Look through the records below for the line with "<!-- Generator: Adobe". Return that line and each one after it up to and including the line with "<!DOCTYPE svg PUBLIC", exactly.

The input –
Segment Open
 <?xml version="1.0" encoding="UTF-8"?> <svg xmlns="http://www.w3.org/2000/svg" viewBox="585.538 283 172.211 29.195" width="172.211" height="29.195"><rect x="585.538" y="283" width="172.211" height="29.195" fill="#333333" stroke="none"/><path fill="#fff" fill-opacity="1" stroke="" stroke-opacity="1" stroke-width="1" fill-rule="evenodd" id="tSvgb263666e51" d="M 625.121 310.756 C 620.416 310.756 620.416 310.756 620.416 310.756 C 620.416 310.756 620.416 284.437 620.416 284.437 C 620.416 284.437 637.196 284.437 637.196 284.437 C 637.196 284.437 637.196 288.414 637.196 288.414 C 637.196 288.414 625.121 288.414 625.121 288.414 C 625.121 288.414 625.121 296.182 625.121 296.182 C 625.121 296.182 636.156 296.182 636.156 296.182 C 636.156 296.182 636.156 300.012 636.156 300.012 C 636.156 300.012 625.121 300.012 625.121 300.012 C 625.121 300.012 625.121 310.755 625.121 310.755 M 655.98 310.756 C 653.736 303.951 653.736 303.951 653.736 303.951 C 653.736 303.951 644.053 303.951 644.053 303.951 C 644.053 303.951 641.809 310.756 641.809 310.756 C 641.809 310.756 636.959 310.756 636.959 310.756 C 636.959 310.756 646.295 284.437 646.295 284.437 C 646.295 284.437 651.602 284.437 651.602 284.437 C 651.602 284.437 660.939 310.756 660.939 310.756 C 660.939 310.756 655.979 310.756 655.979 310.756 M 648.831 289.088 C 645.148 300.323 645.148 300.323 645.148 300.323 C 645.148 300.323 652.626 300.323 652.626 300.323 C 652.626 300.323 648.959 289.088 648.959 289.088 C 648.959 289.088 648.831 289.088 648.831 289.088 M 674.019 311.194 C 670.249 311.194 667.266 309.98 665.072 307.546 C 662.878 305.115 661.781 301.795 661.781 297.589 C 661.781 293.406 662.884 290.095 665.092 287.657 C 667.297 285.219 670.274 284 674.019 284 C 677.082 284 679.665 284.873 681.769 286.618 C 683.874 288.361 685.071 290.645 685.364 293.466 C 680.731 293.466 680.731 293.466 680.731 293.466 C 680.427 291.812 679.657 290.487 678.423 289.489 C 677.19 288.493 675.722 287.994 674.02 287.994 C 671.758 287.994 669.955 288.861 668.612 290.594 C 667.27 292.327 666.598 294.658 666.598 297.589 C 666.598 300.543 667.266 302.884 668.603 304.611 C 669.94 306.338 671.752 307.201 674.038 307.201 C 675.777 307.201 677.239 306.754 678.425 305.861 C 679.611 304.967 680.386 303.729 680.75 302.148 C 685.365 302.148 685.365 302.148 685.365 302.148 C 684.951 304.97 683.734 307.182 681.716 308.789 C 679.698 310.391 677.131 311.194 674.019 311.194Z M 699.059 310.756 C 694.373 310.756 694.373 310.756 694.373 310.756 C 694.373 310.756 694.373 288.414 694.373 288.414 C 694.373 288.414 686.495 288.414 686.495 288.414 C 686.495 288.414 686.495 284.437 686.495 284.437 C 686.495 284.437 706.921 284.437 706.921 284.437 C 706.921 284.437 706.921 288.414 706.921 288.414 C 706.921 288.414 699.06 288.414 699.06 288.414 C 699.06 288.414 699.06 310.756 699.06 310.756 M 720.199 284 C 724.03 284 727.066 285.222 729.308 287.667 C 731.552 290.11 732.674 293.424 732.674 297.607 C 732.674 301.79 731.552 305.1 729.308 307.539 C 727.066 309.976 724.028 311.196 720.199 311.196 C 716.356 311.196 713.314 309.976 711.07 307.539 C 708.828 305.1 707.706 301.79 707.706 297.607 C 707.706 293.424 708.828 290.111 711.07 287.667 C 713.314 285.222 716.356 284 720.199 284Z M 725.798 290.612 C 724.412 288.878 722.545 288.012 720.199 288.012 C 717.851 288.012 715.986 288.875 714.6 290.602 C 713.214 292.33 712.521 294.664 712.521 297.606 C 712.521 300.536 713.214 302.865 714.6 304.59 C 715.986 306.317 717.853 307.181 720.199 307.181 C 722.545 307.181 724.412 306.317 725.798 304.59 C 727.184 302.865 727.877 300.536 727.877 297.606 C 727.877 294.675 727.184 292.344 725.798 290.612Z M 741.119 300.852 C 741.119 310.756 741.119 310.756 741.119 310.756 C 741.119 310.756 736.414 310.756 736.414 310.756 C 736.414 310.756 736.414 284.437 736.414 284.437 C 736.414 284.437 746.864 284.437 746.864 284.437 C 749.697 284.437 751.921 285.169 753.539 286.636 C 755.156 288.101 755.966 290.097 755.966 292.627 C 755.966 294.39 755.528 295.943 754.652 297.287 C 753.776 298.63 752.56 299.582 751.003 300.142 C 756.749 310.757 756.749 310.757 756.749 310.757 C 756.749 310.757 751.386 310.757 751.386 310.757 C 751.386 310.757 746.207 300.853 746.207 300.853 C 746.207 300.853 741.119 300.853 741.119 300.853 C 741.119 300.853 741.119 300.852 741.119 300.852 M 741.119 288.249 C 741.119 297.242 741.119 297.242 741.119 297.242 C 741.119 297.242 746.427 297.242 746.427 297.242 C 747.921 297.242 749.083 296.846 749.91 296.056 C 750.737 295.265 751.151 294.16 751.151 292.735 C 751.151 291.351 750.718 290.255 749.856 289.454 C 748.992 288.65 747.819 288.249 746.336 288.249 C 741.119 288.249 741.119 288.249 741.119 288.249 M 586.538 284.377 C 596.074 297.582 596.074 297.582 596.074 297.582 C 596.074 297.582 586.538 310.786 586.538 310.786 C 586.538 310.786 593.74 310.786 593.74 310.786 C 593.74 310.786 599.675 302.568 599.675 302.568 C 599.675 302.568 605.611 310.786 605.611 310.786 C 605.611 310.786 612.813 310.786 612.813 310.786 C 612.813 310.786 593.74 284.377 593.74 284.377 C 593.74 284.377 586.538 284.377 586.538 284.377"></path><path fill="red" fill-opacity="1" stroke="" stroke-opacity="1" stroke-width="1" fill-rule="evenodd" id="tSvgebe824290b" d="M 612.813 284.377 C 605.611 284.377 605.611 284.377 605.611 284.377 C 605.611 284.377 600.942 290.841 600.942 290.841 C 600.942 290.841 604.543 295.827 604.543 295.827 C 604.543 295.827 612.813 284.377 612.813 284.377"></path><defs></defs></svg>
Segment Closed
Segment Open
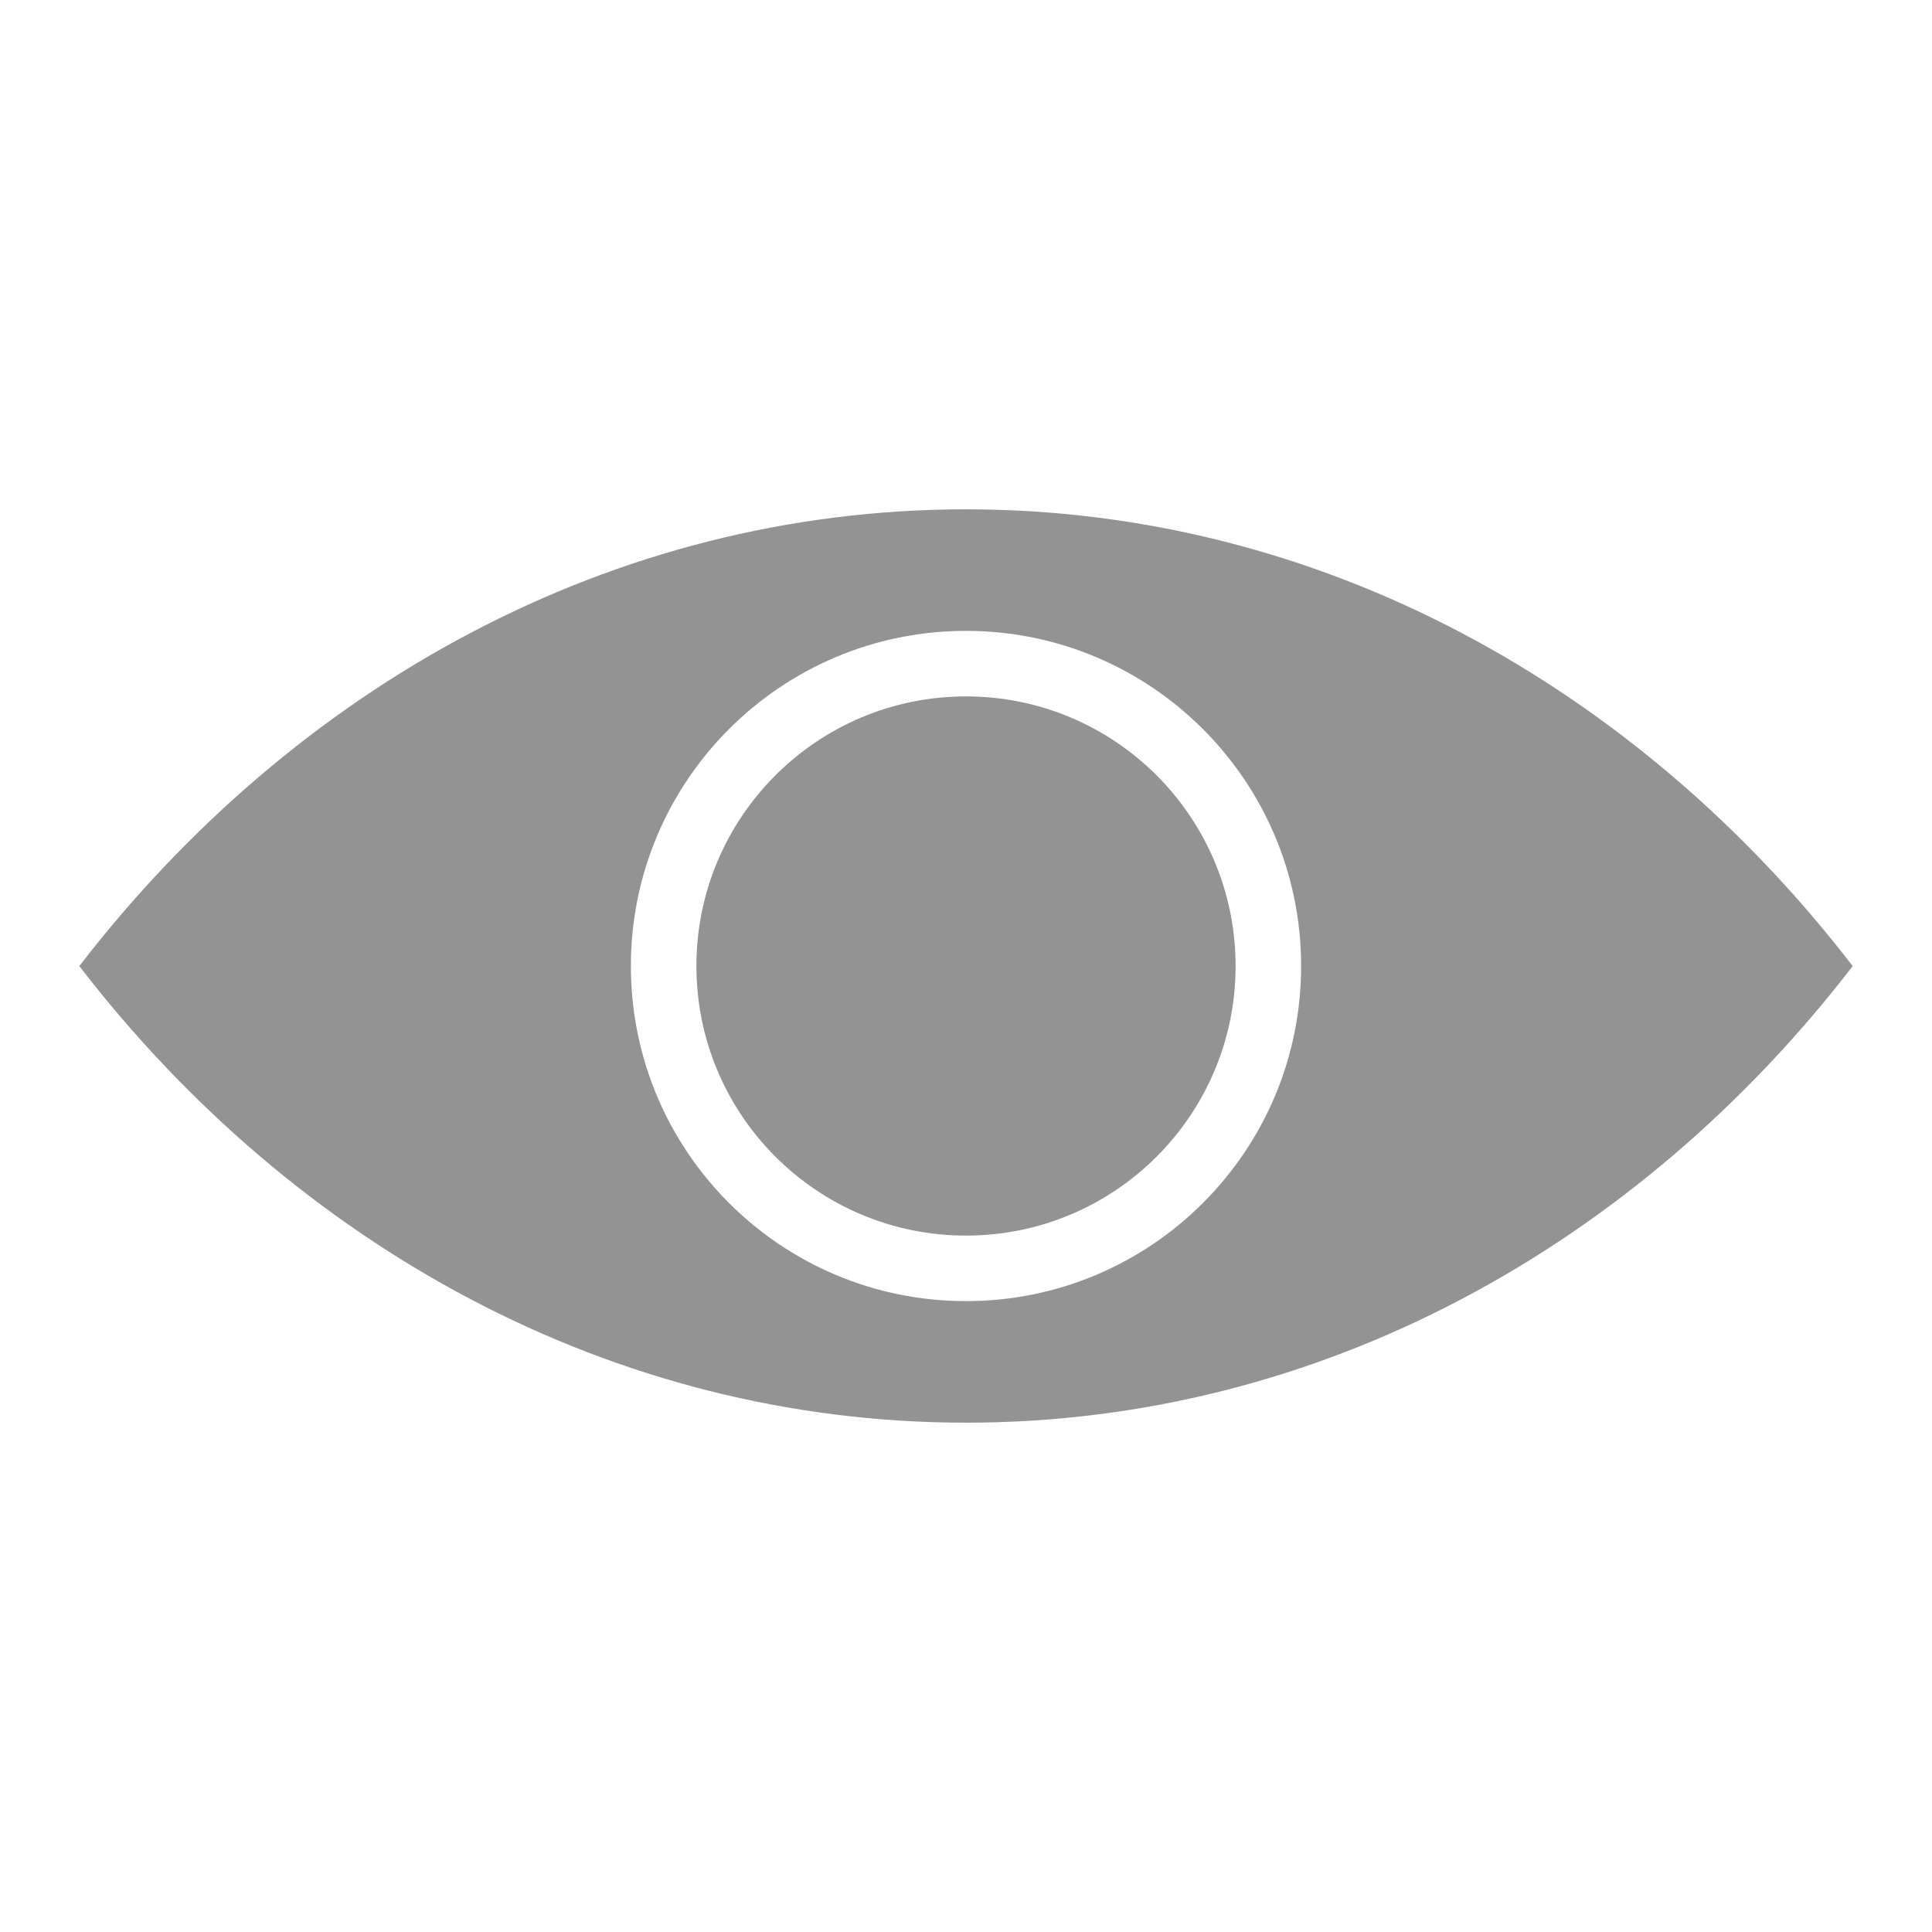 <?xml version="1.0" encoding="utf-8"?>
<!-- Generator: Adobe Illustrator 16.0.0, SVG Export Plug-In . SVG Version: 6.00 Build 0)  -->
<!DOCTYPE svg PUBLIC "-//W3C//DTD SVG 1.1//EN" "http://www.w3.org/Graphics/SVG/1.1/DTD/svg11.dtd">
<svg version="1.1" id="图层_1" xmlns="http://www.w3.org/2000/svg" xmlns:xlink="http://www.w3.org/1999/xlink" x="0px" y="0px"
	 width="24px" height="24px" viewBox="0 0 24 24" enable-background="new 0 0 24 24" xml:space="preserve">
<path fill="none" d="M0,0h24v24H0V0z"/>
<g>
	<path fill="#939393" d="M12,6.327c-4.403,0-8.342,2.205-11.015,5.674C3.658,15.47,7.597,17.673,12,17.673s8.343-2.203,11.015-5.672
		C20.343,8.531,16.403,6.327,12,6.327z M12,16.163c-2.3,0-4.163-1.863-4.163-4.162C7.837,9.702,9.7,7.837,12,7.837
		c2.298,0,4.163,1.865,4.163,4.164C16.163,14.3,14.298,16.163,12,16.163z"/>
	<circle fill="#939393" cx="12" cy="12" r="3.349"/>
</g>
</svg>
Segment Closed
Segment Open
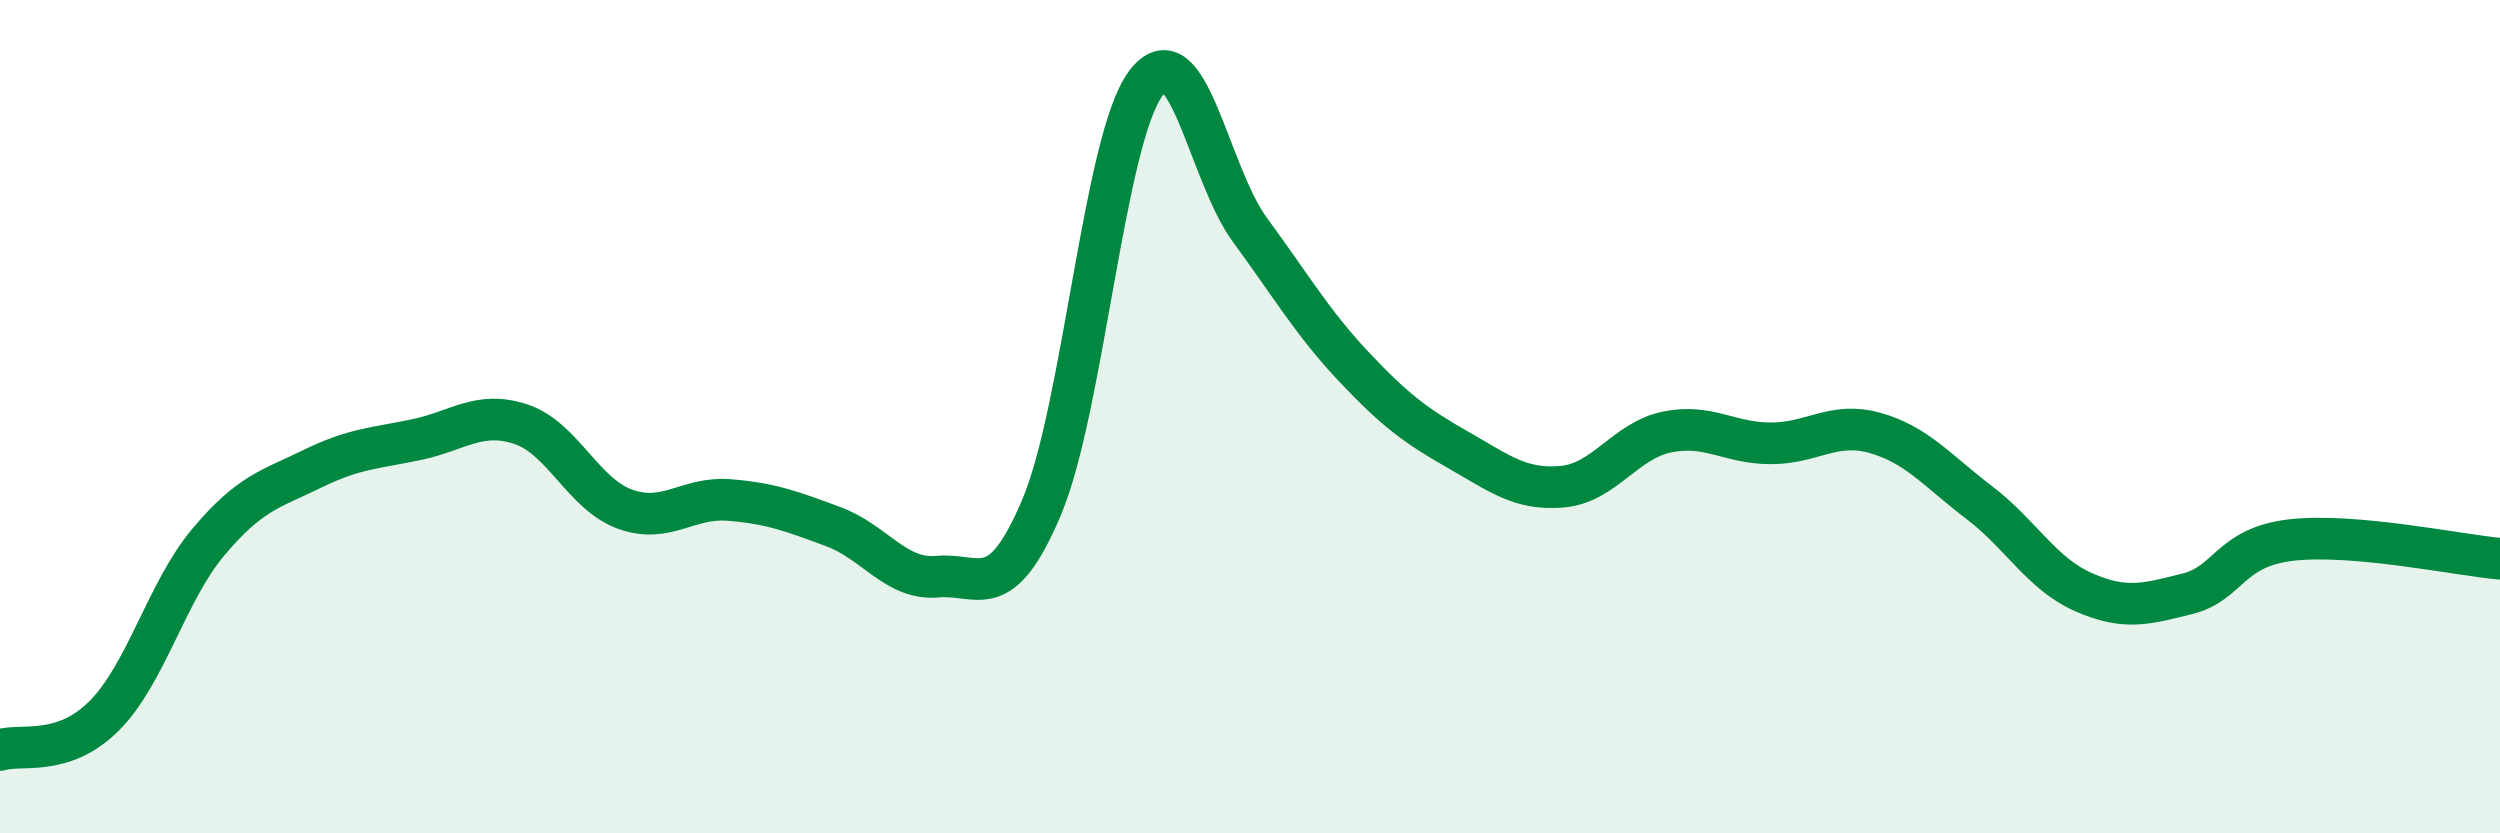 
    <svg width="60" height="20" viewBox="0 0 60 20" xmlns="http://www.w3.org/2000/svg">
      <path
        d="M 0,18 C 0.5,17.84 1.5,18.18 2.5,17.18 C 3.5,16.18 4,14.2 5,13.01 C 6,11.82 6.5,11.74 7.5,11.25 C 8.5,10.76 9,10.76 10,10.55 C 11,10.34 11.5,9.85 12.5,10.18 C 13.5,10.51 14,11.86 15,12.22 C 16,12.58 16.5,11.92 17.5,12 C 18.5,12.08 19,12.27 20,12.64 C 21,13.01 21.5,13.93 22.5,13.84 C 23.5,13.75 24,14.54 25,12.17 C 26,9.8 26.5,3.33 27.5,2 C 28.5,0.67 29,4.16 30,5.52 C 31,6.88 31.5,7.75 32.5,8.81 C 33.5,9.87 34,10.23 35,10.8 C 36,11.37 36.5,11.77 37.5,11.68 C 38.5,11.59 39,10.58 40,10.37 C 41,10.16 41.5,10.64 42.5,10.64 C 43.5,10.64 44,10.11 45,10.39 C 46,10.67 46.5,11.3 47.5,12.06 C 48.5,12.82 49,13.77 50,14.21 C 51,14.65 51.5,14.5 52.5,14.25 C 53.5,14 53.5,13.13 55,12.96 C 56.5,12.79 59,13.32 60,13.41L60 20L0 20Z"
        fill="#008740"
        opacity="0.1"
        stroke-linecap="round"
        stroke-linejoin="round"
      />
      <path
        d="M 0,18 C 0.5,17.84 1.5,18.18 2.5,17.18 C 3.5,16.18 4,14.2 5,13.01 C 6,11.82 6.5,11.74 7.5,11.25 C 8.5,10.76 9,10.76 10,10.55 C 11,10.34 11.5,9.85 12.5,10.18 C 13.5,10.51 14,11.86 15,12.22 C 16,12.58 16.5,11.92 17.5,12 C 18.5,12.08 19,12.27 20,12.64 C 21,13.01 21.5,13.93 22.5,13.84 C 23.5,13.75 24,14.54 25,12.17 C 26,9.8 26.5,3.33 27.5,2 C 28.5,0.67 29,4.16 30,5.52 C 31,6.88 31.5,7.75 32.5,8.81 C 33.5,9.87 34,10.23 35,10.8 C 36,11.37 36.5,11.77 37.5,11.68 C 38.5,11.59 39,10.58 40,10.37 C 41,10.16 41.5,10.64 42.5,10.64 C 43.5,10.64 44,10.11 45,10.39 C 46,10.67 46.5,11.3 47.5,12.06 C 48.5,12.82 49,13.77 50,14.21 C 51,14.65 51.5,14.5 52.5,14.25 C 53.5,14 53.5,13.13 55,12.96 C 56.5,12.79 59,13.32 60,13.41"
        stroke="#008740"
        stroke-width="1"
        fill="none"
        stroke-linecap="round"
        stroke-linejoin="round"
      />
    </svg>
Segment Closed
Response to the exercise –
<!-- Generator: Adobe Illustrator 16.0.0, SVG Export Plug-In . SVG Version: 6.00 Build 0)  -->
<!DOCTYPE svg PUBLIC "-//W3C//DTD SVG 1.1//EN" "http://www.w3.org/Graphics/SVG/1.1/DTD/svg11.dtd">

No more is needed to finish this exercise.